What to work on
From the data, return each line holding the word "between".

Data records
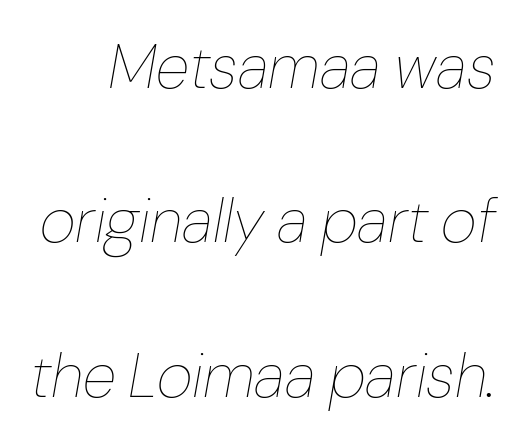
Q: Is the text bold? A: No.
Q: Is the text italic (slanted)? A: Yes, it leans right by about 10 degrees.
Q: Is the text underlined? A: No.
Q: Is the spacing between letters normal or unusually wide? A: Normal.
Q: Is the spacing between lines tight, normal or loose? A: Loose.
Q: Width (condensed, normal, or wide)? A: Normal.
Q: Stroke contrast? A: Low.
Q: x-height? A: Medium.
Q: Monospaced? A: No.
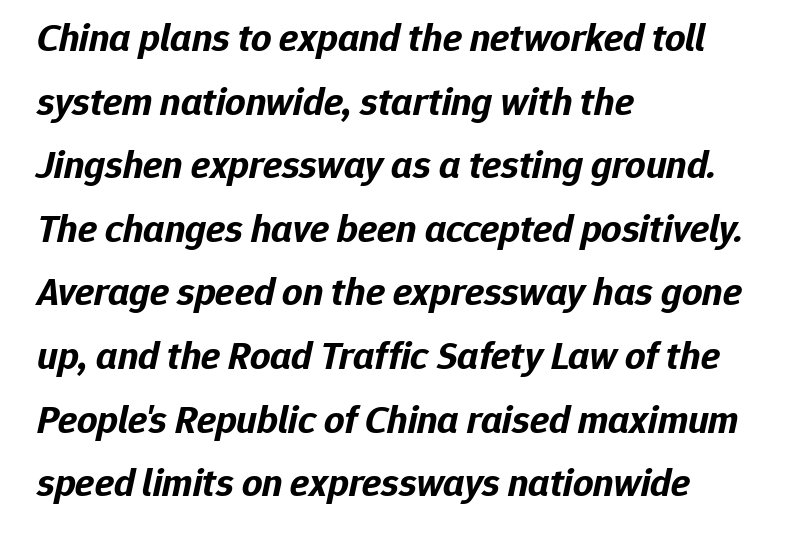
Just letters on the line, the space beneath them empty. Reading down the block, your eye returns to a fixed left position each line. Each glyph is drawn with heavy, bold strokes. The axis of the letterforms is tilted away from vertical. Tracking value appears to be zero — textbook default spacing.
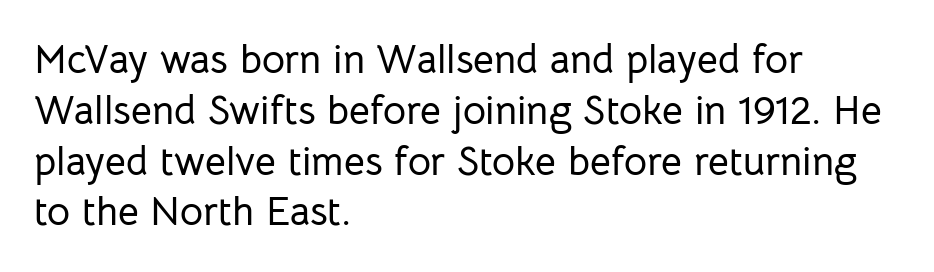
The text block is weighted toward the left margin, trailing off unevenly rightward. These lines were composed using upright roman letters. The line-height multiplier appears to be the usual default. How are the letters spaced? Ordinarily, with no added tracking.
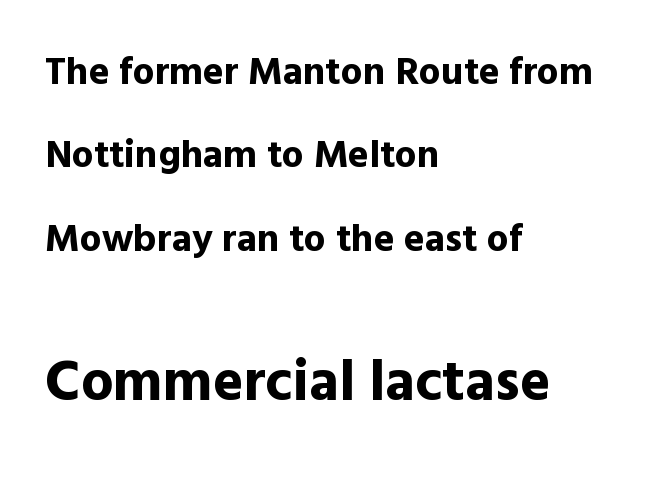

Your solution
Q: Is the spacing between letters normal or unusually wide? A: Normal.
Q: Is the spacing between lines tight, normal or loose? A: Loose.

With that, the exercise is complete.